Evaluate on test set
28 Nov 2021Evaluate on test set
Evaluate these models on the holdout test set you set aside in part 1.
Question 1
Test your 5 models on the untouched 2019/20 regular season dataset. Do your models perform as well on the test set as you did on your validation set when building your models? Do any models perform better or worse than you expected?
Here are the graphs of the models with the specified test data:
Model | accuracy | log loss | AUC | mutual info | f-score |
---|---|---|---|---|---|
XGBoost | 0.890 | 0.397 | 0.701 | 0.000 | 0.193 |
NN | 0.910 | 0.276 | 0.757 | 0.000 | 0.081 |
SVM | 0.592 | 0.621 | 0.721 | 0.000 | 0.268 |
Log Reg on distance | 0.905 | 0.297 | 0.702 | 0.005 | 0.000 |
Log Reg on angle | 0.905 | 0.314 | 0.508 | 0.003 | 0.000 |
Log Reg on distance & angle | 0.905 | 0.297 | 0.703 | 0.003 | 0.000 |
We can see that our 2 preferred models keep on performing well on their respective best scores. As we discussed before, the logistic regression models are still predicting only shots to yield about 90% accuracy but f-scores of 0. There are a few factors to consider when analyzing these results. the XGBoost is still performing pretty well in the reported metrics. As there was no game of the 2019 season in the training set, we are generating average ranks for all new rookie players. Since we saw previously that the 2 ranking features that we created were important, it is to be expected that we would lose a bit of precision with all the events concerning new shooters and new goalies. We also know that the 2019-2020 season was shorter than usual due to Covid-19, so we don’t have the same representativity of a whole season than what would have had for a full normal season. As reported in the table above, the best accuracy is 0.91 and the best AUC is 0.757. Both are from the neural network. This model outputs more or less the same metrics as on the validation set. The best f-score (0.268) was obtained with svm. This was already the case on the validation set.
Question 2
Test your 5 models on the untouched 2019/20 playoff games. Discuss your results and observations on this test set. Are there any differences to the regular season test set or do you get similar ‘generalization’ performance?

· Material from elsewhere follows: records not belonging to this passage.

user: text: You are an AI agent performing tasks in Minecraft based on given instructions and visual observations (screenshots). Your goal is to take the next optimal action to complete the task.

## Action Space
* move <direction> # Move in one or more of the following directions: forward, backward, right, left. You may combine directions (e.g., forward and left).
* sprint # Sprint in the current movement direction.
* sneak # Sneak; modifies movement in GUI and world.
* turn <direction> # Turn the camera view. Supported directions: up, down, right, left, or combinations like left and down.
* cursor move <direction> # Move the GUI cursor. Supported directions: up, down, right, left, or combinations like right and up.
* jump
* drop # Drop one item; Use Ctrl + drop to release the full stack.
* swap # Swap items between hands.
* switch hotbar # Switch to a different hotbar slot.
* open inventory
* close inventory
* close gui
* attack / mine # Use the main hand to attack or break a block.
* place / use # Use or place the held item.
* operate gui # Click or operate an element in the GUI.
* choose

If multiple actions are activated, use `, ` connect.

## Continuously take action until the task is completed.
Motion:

This test set is very different from the training set for 2 main reasons:
- the post-season games have a few different rules as games will go on overtime until a team scores a goal.
- the playoffs of the 2019-2020 were played during in August (!), after a 5 months break (!!)

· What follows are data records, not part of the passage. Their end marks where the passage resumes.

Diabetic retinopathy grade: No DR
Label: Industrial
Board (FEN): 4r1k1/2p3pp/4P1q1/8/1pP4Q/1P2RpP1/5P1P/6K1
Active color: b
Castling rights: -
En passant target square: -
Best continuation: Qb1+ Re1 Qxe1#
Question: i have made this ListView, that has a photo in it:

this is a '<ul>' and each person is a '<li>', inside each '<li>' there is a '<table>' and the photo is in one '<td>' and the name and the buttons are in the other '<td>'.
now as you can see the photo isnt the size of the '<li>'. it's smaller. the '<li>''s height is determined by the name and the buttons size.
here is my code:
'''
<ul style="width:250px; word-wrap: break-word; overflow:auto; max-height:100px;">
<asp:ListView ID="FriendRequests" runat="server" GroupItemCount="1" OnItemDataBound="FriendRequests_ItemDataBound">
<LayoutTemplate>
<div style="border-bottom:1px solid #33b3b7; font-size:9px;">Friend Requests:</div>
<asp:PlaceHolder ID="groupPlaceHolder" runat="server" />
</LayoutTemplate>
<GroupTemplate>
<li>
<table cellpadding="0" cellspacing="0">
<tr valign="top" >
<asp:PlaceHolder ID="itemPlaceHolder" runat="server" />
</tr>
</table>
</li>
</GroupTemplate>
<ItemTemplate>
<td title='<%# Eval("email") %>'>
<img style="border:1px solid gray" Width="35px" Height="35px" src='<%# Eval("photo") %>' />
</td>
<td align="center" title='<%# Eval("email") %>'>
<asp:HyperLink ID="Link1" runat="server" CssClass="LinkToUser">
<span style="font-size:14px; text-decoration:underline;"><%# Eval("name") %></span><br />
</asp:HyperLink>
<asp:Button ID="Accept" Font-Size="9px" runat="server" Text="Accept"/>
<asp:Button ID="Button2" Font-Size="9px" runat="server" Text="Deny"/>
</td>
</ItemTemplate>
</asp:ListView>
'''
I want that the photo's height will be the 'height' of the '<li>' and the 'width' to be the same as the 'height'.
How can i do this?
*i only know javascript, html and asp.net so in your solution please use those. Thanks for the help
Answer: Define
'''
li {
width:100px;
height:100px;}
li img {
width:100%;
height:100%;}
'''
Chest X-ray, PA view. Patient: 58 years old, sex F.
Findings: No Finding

So just between those two points, it is to be expected that our models might not perform as well as they would with a test set of a regular season.
Here are the graphs of the models with the specified test data:
Model | accuracy | log loss | AUC | mutual info | f-score |
---|---|---|---|---|---|
XGBoost | 0.890 | 0.383 | 0.711 | 0.000 | 0.206 |
NN | 0.910 | 0.264 | 0.767 | 0.000 | 0.068 |
SVM | 0.592 | 0.600 | 0.728 | 0.001 | 0.264 |
Log Reg on distance | 0.909 | 0.285 | 0.710 | -0.000 | 0.000 |
Log Reg on angle | 0.909 | 0.304 | 0.536 | 0.000 | 0.000 |
Log Reg on distance & angle | 0.909 | 0.285 | 0.711 | -0.004 | 0.000 |
The results are almost exactly the same as with the regular season (question above):
- The best models are still NN for AUC and accuracy, and svm for f-score.
- Logistic regression models keep predicting only shots.
- XGBoost is still very good in all metrics.
It is quite surprising to observe these since there are already many differences between the 2 test sets and the training set. Furthermore, considering the multiple particularities of 2019-2020 playoffs games, it differs even more from the original training set. However, this means that the models have a good generalization.